▶ [YOUR TASK] As the answer, give a copy of each line below that includes the word "mask".

(INPUT)

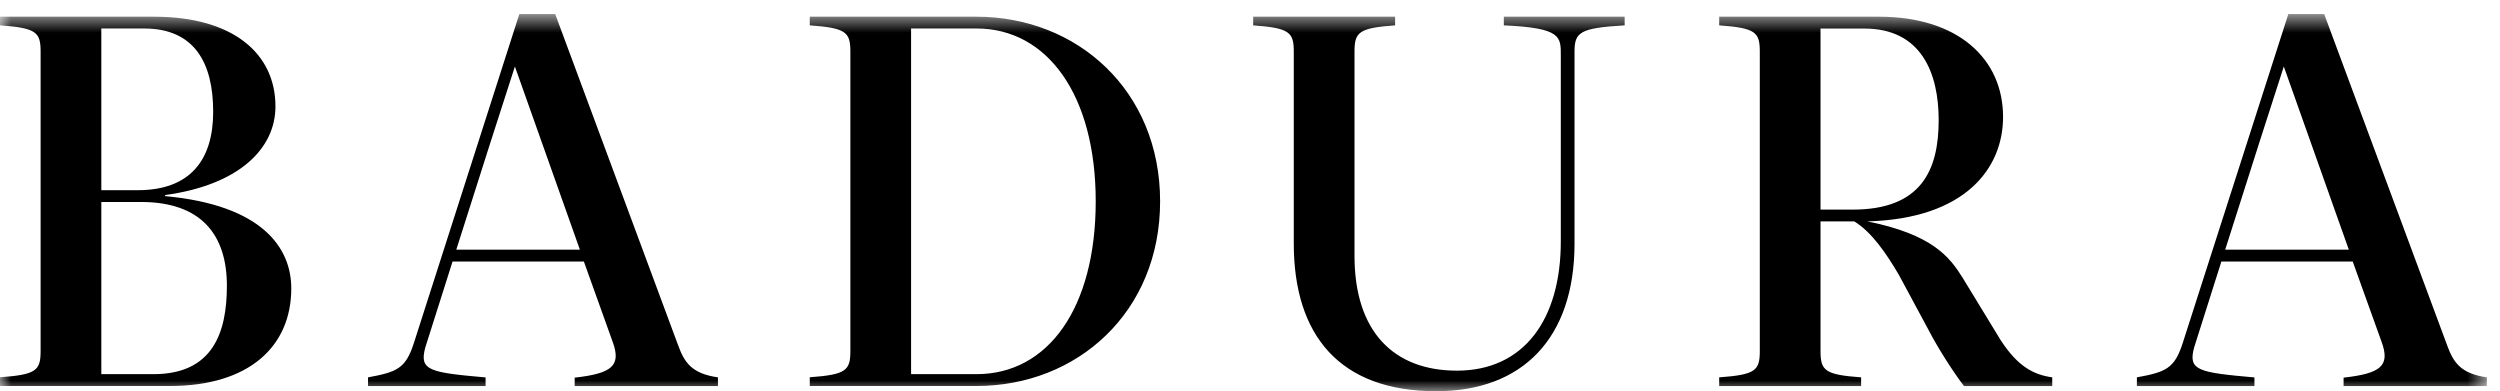 <svg width="115" height="18" viewBox="0 0 115 18" fill="none" xmlns="http://www.w3.org/2000/svg">
<mask id="mask0_117_390" style="mask-type:luminance" maskUnits="userSpaceOnUse" x="0" y="0" width="115" height="18">
<path d="M114.395 0.647H0V18H114.395V0.647Z" fill="white"/>
</mask>
<g mask="url(#mask0_117_390)">
<path d="M13.399 13.267C13.399 15.938 11.455 17.756 7.816 17.756H0V17.354C1.674 17.233 1.868 17.043 1.868 16.142V2.378C1.868 1.478 1.674 1.288 0 1.166V0.768H7.088C10.727 0.768 12.671 2.468 12.671 4.895C12.671 6.835 10.996 8.509 7.597 8.972V9.022C12.065 9.434 13.399 11.399 13.399 13.267ZM4.661 8.749H6.335C8.738 8.749 9.806 7.373 9.806 5.139C9.806 2.905 8.956 1.31 6.626 1.31H4.661V8.746V8.749ZM10.437 13.145C10.437 10.815 9.272 9.291 6.482 9.291H4.661V17.211H7.063C9.806 17.211 10.437 15.278 10.437 13.142M53.365 9.262C53.365 14.361 49.554 17.756 44.918 17.756H37.249V17.354C38.923 17.233 39.117 17.043 39.117 16.142V2.378C39.117 1.478 38.923 1.288 37.249 1.166V0.768H44.918C49.554 0.768 53.365 4.167 53.365 9.262ZM50.403 9.262C50.403 4.361 48.17 1.31 44.918 1.31H41.91V17.211H44.918C48.22 17.211 50.403 14.163 50.403 9.259M69.173 1.166C71.847 1.285 71.797 1.693 71.797 2.572V11.105C71.797 14.705 70.094 17.05 67.018 17.05C64.128 17.05 62.307 15.275 62.307 11.768V2.378C62.307 1.478 62.5 1.288 64.175 1.166V0.768H57.646V1.166C59.32 1.288 59.514 1.482 59.514 2.378V11.202C59.514 15.4 61.6 17.996 66.068 17.996C70.023 17.996 72.428 15.569 72.428 11.202V2.378C72.428 1.478 72.672 1.288 74.734 1.166V0.768H69.176V1.166H69.173ZM33.025 17.358V17.76H26.435V17.372C28.138 17.179 28.593 16.834 28.181 15.72L26.858 12.03H20.817C20.304 13.64 19.849 15.078 19.562 15.988C19.279 17.043 19.745 17.132 22.337 17.362V17.76H16.93V17.358C18.264 17.114 18.658 16.949 19.031 15.802L23.889 0.647H25.539L31.196 15.888C31.487 16.688 31.831 17.186 33.021 17.358M26.675 11.485L23.685 3.059C23.208 4.512 22.018 8.248 20.989 11.485H26.675ZM94.403 17.358V17.76H90.344C89.81 17.057 89.133 15.988 88.717 15.185L87.358 12.661C86.777 11.664 86.096 10.671 85.296 10.184H83.744V16.146C83.744 17.046 83.937 17.236 85.612 17.358V17.76H79.083V17.358C80.757 17.236 80.951 17.046 80.951 16.146V2.378C80.951 1.478 80.757 1.288 79.083 1.166V0.768H86.436C90.076 0.768 92.141 2.712 92.141 5.379C92.141 7.735 90.416 10.062 85.902 10.184C88.91 10.79 89.688 11.836 90.269 12.758L92.022 15.633C92.822 16.87 93.55 17.236 94.4 17.358M89.179 5.526C89.179 3.389 88.401 1.313 85.759 1.313H83.744V9.642H85.225C88.355 9.642 89.179 7.857 89.179 5.526ZM114.395 17.358V17.76H107.805V17.372C109.508 17.179 109.964 16.834 109.551 15.72L108.225 12.03H102.183C101.671 13.64 101.215 15.078 100.929 15.988C100.645 17.043 101.111 17.132 103.704 17.362V17.76H98.297V17.358C99.631 17.114 100.025 16.949 100.398 15.802L105.263 0.647H106.913L112.57 15.888C112.861 16.688 113.205 17.186 114.395 17.358ZM108.046 11.485L105.055 3.059C104.578 4.512 103.388 8.248 102.359 11.485H108.046Z" fill="black"/>
</g>
</svg>

(End INPUT)

▶ [RESULT FOR THIS EXERCISE]
<mask id="mask0_117_390" style="mask-type:luminance" maskUnits="userSpaceOnUse" x="0" y="0" width="115" height="18">
</mask>
<g mask="url(#mask0_117_390)">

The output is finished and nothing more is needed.